START GIVEN ENTRIES

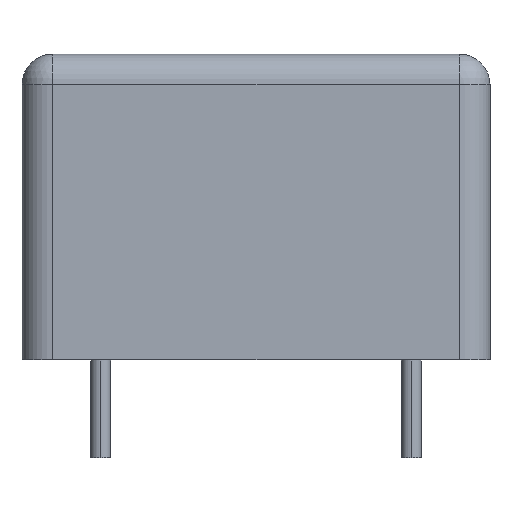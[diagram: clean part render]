
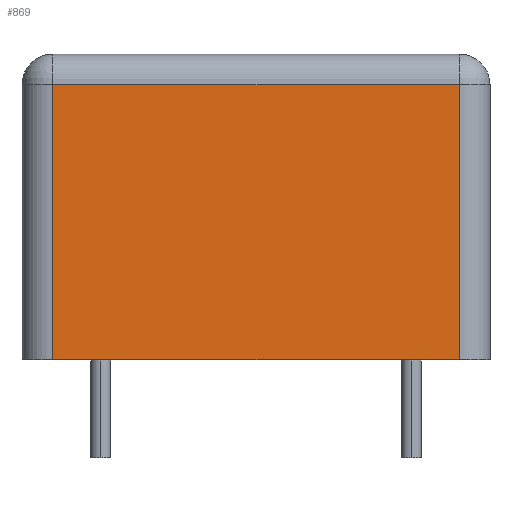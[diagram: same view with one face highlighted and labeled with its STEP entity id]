
A CAD part, left-side view. The second image highlights one B-rep face of the part: STEP entity #869.
In plain terms, the highlighted planar face has unit normal (-1, 0, 0).
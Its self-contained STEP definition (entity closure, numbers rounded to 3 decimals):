
#481=CARTESIAN_POINT('',(-16.51,-6.65,9.0));
#482=VERTEX_POINT('',#481);
#551=CARTESIAN_POINT('',(-16.51,6.65,9.0));
#552=VERTEX_POINT('',#551);
#577=CARTESIAN_POINT('',(-16.51,6.65,0.0));
#578=VERTEX_POINT('',#577);
#586=CARTESIAN_POINT('',(-16.51,6.65,0.0));
#587=DIRECTION('',(0.0,0.0,1.0));
#588=VECTOR('',#587,9.0);
#589=LINE('',#586,#588);
#590=EDGE_CURVE('',#578,#552,#589,.T.);
#637=CARTESIAN_POINT('',(-16.51,6.65,9.0));
#638=DIRECTION('',(0.0,-1.0,0.0));
#639=VECTOR('',#638,13.3);
#640=LINE('',#637,#639);
#641=EDGE_CURVE('',#552,#482,#640,.T.);
#727=CARTESIAN_POINT('',(-16.51,-6.65,0.0));
#728=VERTEX_POINT('',#727);
#745=CARTESIAN_POINT('',(-16.51,-6.65,9.0));
#746=DIRECTION('',(0.0,0.0,-1.0));
#747=VECTOR('',#746,9.0);
#748=LINE('',#745,#747);
#749=EDGE_CURVE('',#482,#728,#748,.T.);
#849=CARTESIAN_POINT('',(-16.51,-6.65,0.0));
#850=DIRECTION('',(0.0,1.0,0.0));
#851=VECTOR('',#850,13.3);
#852=LINE('',#849,#851);
#853=EDGE_CURVE('',#728,#578,#852,.T.);
#858=CARTESIAN_POINT('',(-16.51,0.,4.75));
#859=DIRECTION('',(1.0,0.0,0.0));
#860=DIRECTION('',(0.0,0.0,1.0));
#861=AXIS2_PLACEMENT_3D('',#858,#859,#860);
#862=PLANE('',#861);
#863=ORIENTED_EDGE('',*,*,#590,.F.);
#864=ORIENTED_EDGE('',*,*,#853,.F.);
#865=ORIENTED_EDGE('',*,*,#749,.F.);
#866=ORIENTED_EDGE('',*,*,#641,.F.);
#867=EDGE_LOOP('',(#863,#864,#865,#866));
#868=FACE_OUTER_BOUND('',#867,.T.);
#869=ADVANCED_FACE('',(#868),#862,.F.);

END GIVEN ENTRIES

> [ASSIGNMENT]: In the entries above, please find the line with "#849=CARTESIAN_POINT('',(-16.51,-6.65,0.0));" and the line with "#865=ORIENTED_EDGE('',*,*,#749,.F.);", then write out exactly those two lines and every line between them, and nothing more.

> [RESPONSE TO THE EXERCISE]:
#849=CARTESIAN_POINT('',(-16.51,-6.65,0.0));
#850=DIRECTION('',(0.0,1.0,0.0));
#851=VECTOR('',#850,13.3);
#852=LINE('',#849,#851);
#853=EDGE_CURVE('',#728,#578,#852,.T.);
#858=CARTESIAN_POINT('',(-16.51,0.,4.75));
#859=DIRECTION('',(1.0,0.0,0.0));
#860=DIRECTION('',(0.0,0.0,1.0));
#861=AXIS2_PLACEMENT_3D('',#858,#859,#860);
#862=PLANE('',#861);
#863=ORIENTED_EDGE('',*,*,#590,.F.);
#864=ORIENTED_EDGE('',*,*,#853,.F.);
#865=ORIENTED_EDGE('',*,*,#749,.F.);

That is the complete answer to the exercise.